Grade I listed castle in South Hams, UK

Kingswear Castle is an artillery fort, built to protect Dartmouth harbour in Devon, England. It was constructed between 1491 and 1502 in response to the threat of French attack and was one of the first purpose-built artillery forts in Britain. By the end of the 16th century, however, improvements in the range of artillery weapons had reduced the utility of the castle. It took part in the English Civil War and continued to be armed until the early 18th century, but fell into ruin. Restored as a summer house in 1855, in the 21st century it is managed by the Landmark Trust as a holiday let.

==History==

===15th–16th centuries===
Kingswear Castle was built to protect the coastal town of Dartmouth in Devon. In the medieval period, the town's harbour, located in the estuary of the River Dart, was an important trading and fishing port, able to hold up to 600 vessels. Fears of a French invasion, combined with the hope of retaining a valuable royal subsidy, led the town to develop Dartmouth Castle, on the west side of the estuary, into an artillery fort between 1486 and 1495.
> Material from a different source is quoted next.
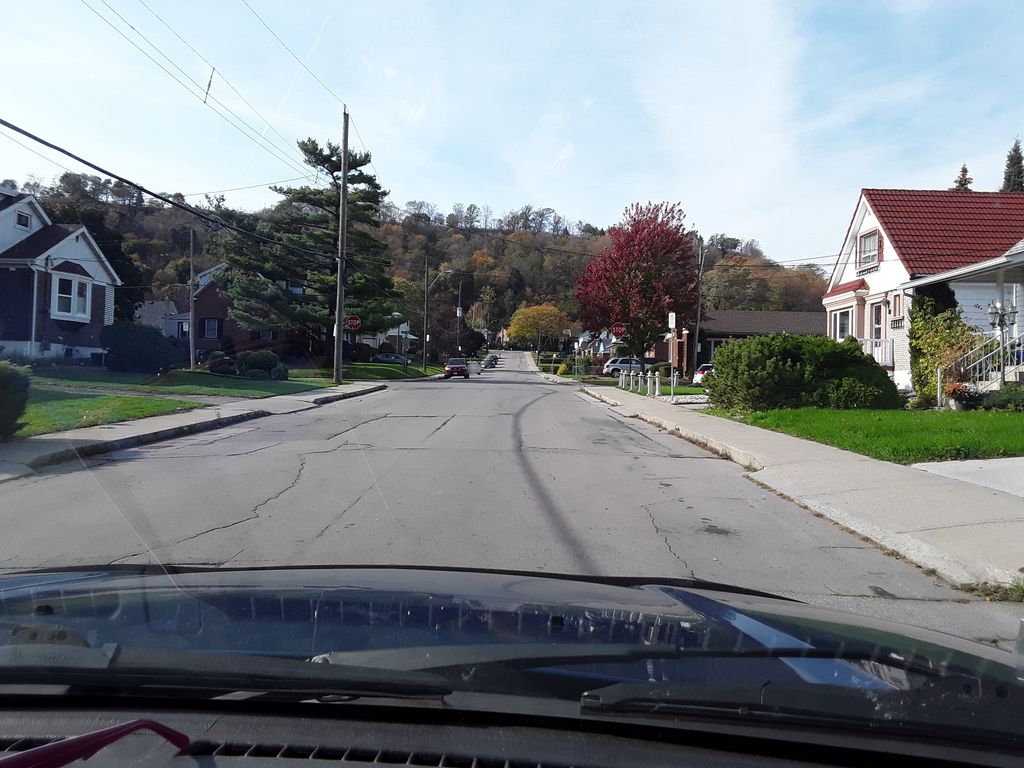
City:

Work on Kingswear began in 1491, with the intention of providing protection to the east side of the estuary, and by the time it was completed in 1502 it formed one of the first purpose-built artillery forts in Britain. It took the form of a three-storeyed, square tower built of slate rubble with red sandstone detailing. Its large, rectangular gun-ports with wooden shutters on the ground level matched those at Dartmouth Castle, and looked out close to the water at the entrance to the harbour, covering both the sea and the anchorage itself. The first floor would have also held guns and provided accommodation for the garrison.

In the 1570s, a survey recommended that four brass artillery guns be kept at the castle. The range of artillery guns soon increased, however, making it unnecessary to have armed forts on both sides of the river and, by the end of the 16th century, the castle's military utility had lessened and it was not normally manned.

===17th–18th centuries===
At the outbreak of the Civil War between the supporters of Charles I and those of Parliament in 1642, Dartmouth initially sided with Parliament and the town invested money in Kingswear's castle doors. The following year, Prince Maurice besieged and took the town. An earthwork fort, called Mount Ridley or Kingsworth, may subsequently have been built to protect the vulnerable position behind Kingswear Castle; an alternative supposition is that the fort was first built in 1627 and was simply brought back into use during the conflict. In January 1646, Sir Thomas Fairfax led a Parliamentary army to retake Dartmouth, capturing Kingswear from Sir Henry Cary, the High Sheriff of Devon, who had been left in charge of defending it.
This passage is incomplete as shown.